Exemplo n.º 1
0
def render_content(obj,
                   include_location=True,
                   synthesize_content=True,
                   render_attachments=False):
    """Renders the content of an ActivityStreams object as HTML.

  Includes tags, mentions, and non-note/article attachments. (Note/article
  attachments are converted to mf2 children in object_to_json and then rendered
  in json_to_html.)

  Note that the returned HTML is included in Atom as well as HTML documents,
  so it *must* be HTML4 / XHTML, not HTML5! All tags must be closed, etc.

  Args:
    obj: decoded JSON ActivityStreams object
    include_location: whether to render location, if provided
    synthesize_content: whether to generate synthetic content if the object
      doesn't have its own, e.g. 'likes this.' or 'shared this.'

  Returns:
    string, rendered HTML
  """
    content = obj.get('content', '')

    # extract tags. preserve order but de-dupe, ie don't include a tag more than
    # once.
    seen_ids = set()
    mentions = []
    tags = {}  # maps string objectType to list of tag objects
    for t in obj.get('tags', []):
        id = t.get('id')
        if id and id in seen_ids:
            continue
        seen_ids.add(id)

        if 'startIndex' in t and 'length' in t:
            mentions.append(t)
        else:
            tags.setdefault(source.object_type(t), []).append(t)

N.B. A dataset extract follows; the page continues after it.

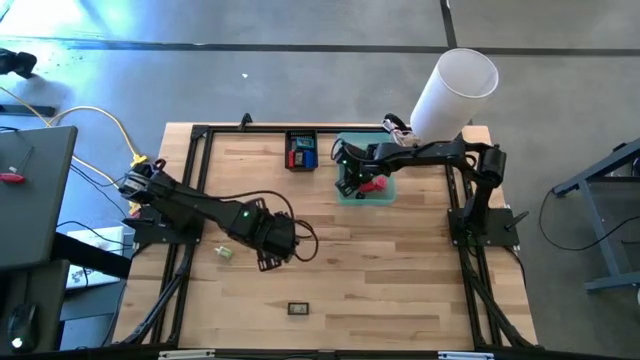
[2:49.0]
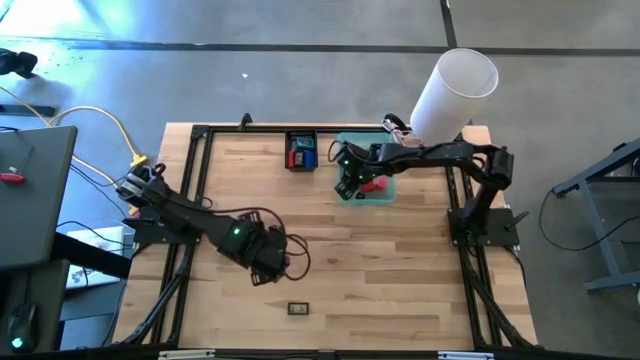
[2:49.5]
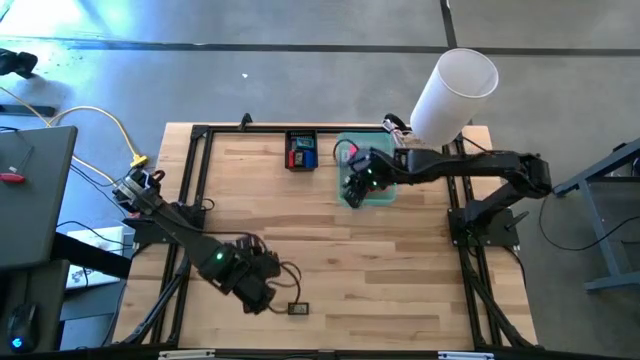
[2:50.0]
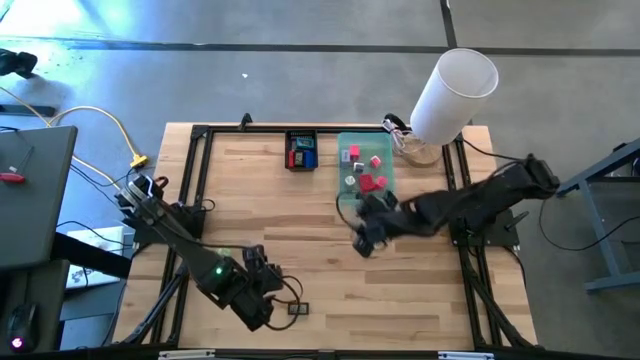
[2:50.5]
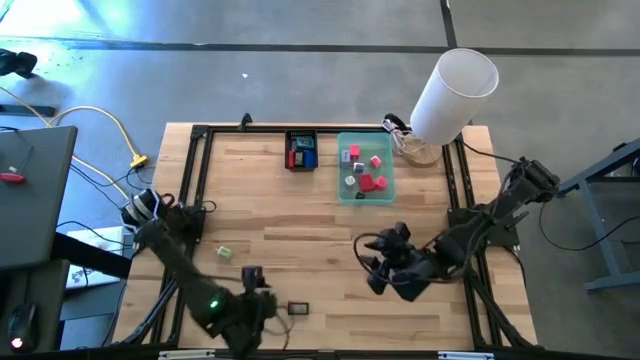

    # linkify embedded mention tags inside content.
    if mentions:
        mentions.sort(key=lambda t: t['startIndex'])
        last_end = 0
        orig = util.WideUnicode(content)
        content = util.WideUnicode('')
        for tag in mentions:
            start = tag['startIndex']
            end = start + tag['length']
            content = util.WideUnicode(
                '%s%s<a href="%s">%s</a>' %
                (content, orig[last_end:start], tag['url'], orig[start:end]))
            last_end = end

        content += orig[last_end:]

    if not obj.get('content_is_html'):
        # convert newlines to <br>s
        # do this *after* linkifying tags so we don't have to shuffle indices over
        content = content.replace('\n', '<br />\n')

    # linkify embedded links. ignore the "mention" tags that we added ourselves.
    # TODO: fix the bug in test_linkify_broken() in webutil/util_test.py, then
    # uncomment this.
    # if content:
    #   content = util.linkify(content)

    # attachments, e.g. links (aka articles)
    # TODO: use oEmbed? http://oembed.com/ , http://code.google.com/p/python-oembed/
    if render_attachments:
        atts = [
            a for a in obj.get('attachments', [])
            if a.get('objectType') not in ('note', 'article')
        ]
        content += _render_attachments(atts + tags.pop('article', []), obj)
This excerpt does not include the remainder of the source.